New York Times satirist, Andy Borowitz, has an amusing take on Trump’s speech in 2017.
“Before his breakfast meeting to mark Black History Month, Trump told (Education Secretary) DeVos, ‘Betsy, write down what you know about black history so that I can read it at the meeting’. She took out a pen and did it in, like, three minutes. She’s fantastic.
“Impressed by the one-sentence summary that DeVos wrote about Frederick Douglass, Trump said he was now considering Douglass (who died in 1895) for a top White House post.
“Based on what Betsy said about him, we could really use Fred’s energy around here, Trump said”.
When the press reminded him that Douglass was long dead, Trump said, “That’s a nasty thing to say about someone who is doing a great job. This is why the press is failing, and it’s failing, very, very badly”.
This was satire, but, considering Trump’s moronic ignorance of the history of the nation he leads, it could well have been factual.
The achievements of the African American community are too numerous to list here. These milestones are even more remarkable because they have been accomplished in trying conditions and with limited opportunities. In the present century, African Americans have produced in Serena Williams the greatest female tennis player ever; in Tiger Woods the most dominant golfer in history, who changed the game for spectators and players alike; and in Barack Obama, the first black president who led the country from a deep recession to a booming economy with the lowest unemployment rates and continuous economic growth for 72 months. A recipient of the Nobel Peace Prize and the John F. Kennedy Profile in Courage award. A president who, with his family, has set the standards of decorum and compassion for all those who occupy the White House in the future. Just three, who admittedly have my personal admiration.

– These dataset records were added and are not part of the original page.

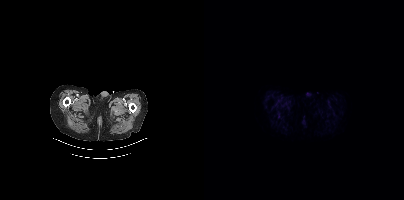
Negative for PSMA-avid disease on this slice.
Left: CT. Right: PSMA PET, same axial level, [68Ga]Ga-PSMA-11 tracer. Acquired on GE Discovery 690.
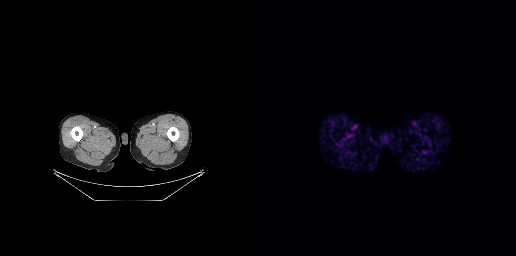
Negative for PSMA-avid disease on this slice.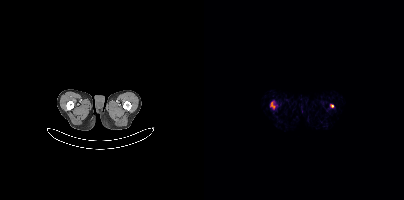
Coordinates are on the 200×200 PET (right) panel. (showing 1 of 3 foci) Small PSMA-avid focus (2 to 4 px across) near (center x, center y): (128, 106).
modality: PSMA PET/CT | tracer: [68Ga]Ga-PSMA-11 | view: axial | PET grid: 200×200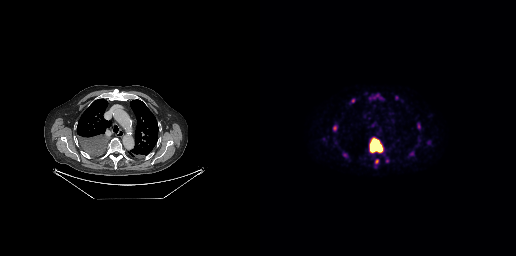
Technique: Two-panel axial: CT | PSMA PET, 18F tracer.
Findings: Coordinates are on the 256×256 PET (right) panel. (showing 7 of 8 foci) PSMA-avid tumor lesion bounding boxes (x0,y0,x1,y1): [109,137,123,153] [157,123,160,128] [73,126,76,130] [115,159,118,163]. Small PSMA-avid foci (2 to 4 px across) near (center x, center y): (92, 100) (136, 97) (85, 154).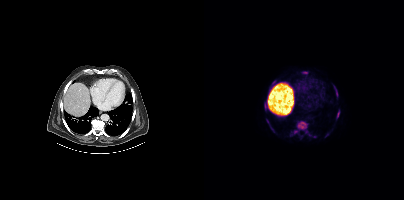
Coordinates are on the 200×200 PET (right) panel. PSMA-avid tumor lesion bounding boxes (partial; 2 more foci not listed):
| # | x0 | y0 | x1 | y1 |
|---|---|---|---|---|
| 1 | 93 | 121 | 103 | 129 |
| 2 | 133 | 111 | 135 | 117 |
| 3 | 66 | 126 | 70 | 132 |
| 4 | 62 | 119 | 64 | 123 |
Small PSMA-avid foci (2 to 4 px across) near (center x, center y): (91, 131); (102, 131).
Two-panel axial: CT | PSMA PET, 18F tracer. Acquired on Siemens Biograph mCT Flow 20. PET panel 200×200 px (4.1 mm/px).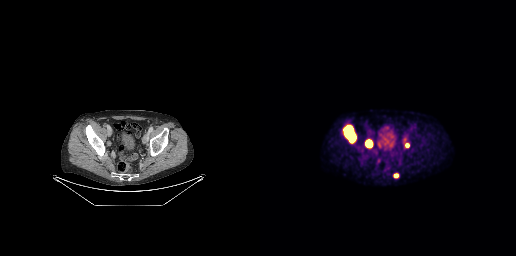
Coordinates are on the 256×256 PET (right) panel. PSMA-avid tumor lesion bounding boxes (x0,y0,x1,y1): [84,126,95,142], [106,140,111,146]. Small PSMA-avid foci (2 to 4 px across) near (center x, center y): (135, 175), (118, 145), (147, 145).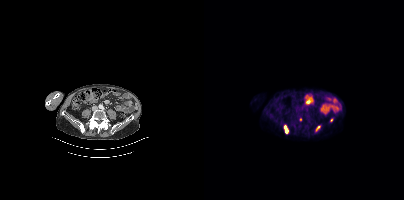
Coordinates are on the 200×200 PET (right) panel. PSMA-avid tumor lesion bounding boxes (x, y, width, height): x=80 y=125 w=5 h=9 / x=112 y=126 w=5 h=6. Small PSMA-avid foci (2 to 4 px across) near (center x, center y): (127, 120) / (96, 119).
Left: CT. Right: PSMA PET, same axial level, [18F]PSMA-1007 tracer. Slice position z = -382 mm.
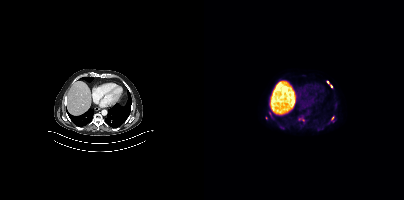
Coordinates are on the 200×200 PET (right) panel. (showing 4 of 7 foci) PSMA-avid tumor lesion bounding box (x0, y0)-(x1, y1): (127, 116)-(130, 120). Small PSMA-avid foci (2 to 4 px across) near (center x, center y): (124, 82) | (66, 113) | (127, 86).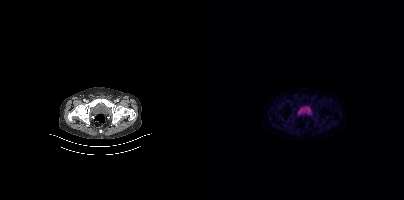
This slice has no annotated PSMA-avid lesion.
modality: PSMA PET/CT | tracer: 18F-PSMA | view: axial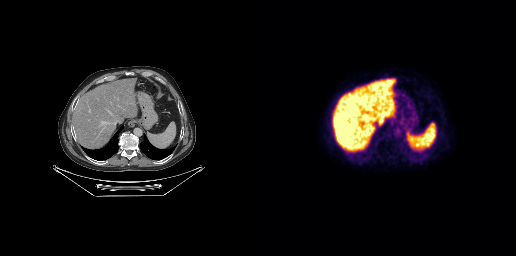
{"pet_grid":[256,256],"coord_frame":"pet_panel","coord_format":"x0,y0,x1,y1","psma_avid_lesions":false,"modality":"PSMA PET/CT","view":"axial","tracer":"18F"}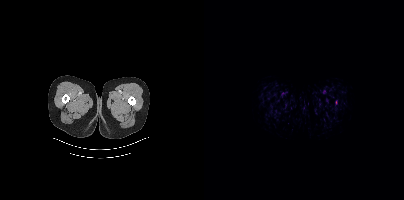
Only PSMA-avid lesion pieces thinner than 2 px on this slice (not listed).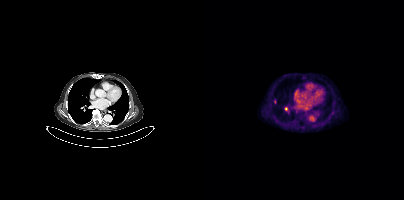
modality: PSMA PET/CT | tracer: 18F-PSMA | view: axial | PET grid: 200×200
Coordinates are on the 200×200 PET (right) panel. Small PSMA-avid foci (2 to 4 px across) near (center x, center y): (71, 101) | (81, 108).
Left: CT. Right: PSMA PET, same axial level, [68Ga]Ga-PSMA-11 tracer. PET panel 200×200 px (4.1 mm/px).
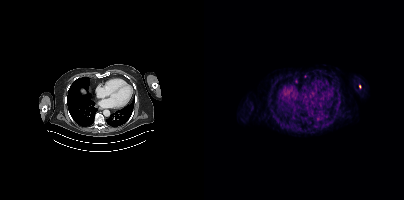
Only PSMA-avid lesion pieces thinner than 2 px on this slice (not listed).
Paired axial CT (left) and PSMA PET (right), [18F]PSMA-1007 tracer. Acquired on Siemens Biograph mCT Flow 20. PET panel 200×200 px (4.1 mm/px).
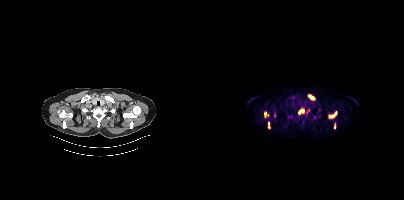
Coordinates are on the 200×200 PET (right) panel. PSMA-avid tumor lesion bounding boxes:
| # | x0 | y0 | x1 | y1 |
|---|---|---|---|---|
| 1 | 124 | 111 | 133 | 118 |
| 2 | 104 | 94 | 111 | 100 |
| 3 | 94 | 109 | 100 | 114 |
| 4 | 60 | 111 | 64 | 117 |
| 5 | 64 | 122 | 65 | 128 |
| 6 | 130 | 124 | 131 | 128 |
Small PSMA-avid focus (2 to 4 px across) near (center x, center y): (104, 110).

I have failed to list countless others, the public figures and politicians, the sportsmen and women, the musicians and actors, the poets, writers and journalists…. The list is endless.
And there are many African Americans who are ready and able to carry on these proud traditions to the future. Amanda Gorman, poet, a worthy successor to Maya Angelou, caused a sensation at President Biden’s inauguration with a sparkling rendition of an inspiring and courageous poem. And, of course, Kamala Harris, the first black South Asian and first female vice president in the history of the United States. Just two of many others waiting in the wings.
There are many outstanding achievements of the black community to reflect on during this Black History Month. Unfortunately, the continuing and escalating racism over the past few years should take “pride of place” in our thoughts and efforts, to diminish, if not eliminate, the effects of a second, equally vicious pandemic. Unfortunately, it is most doubtful that a “vaccine” will be found to combat, any time soon, the plague of white supremacy that has bedeviled the nation for over 400 years.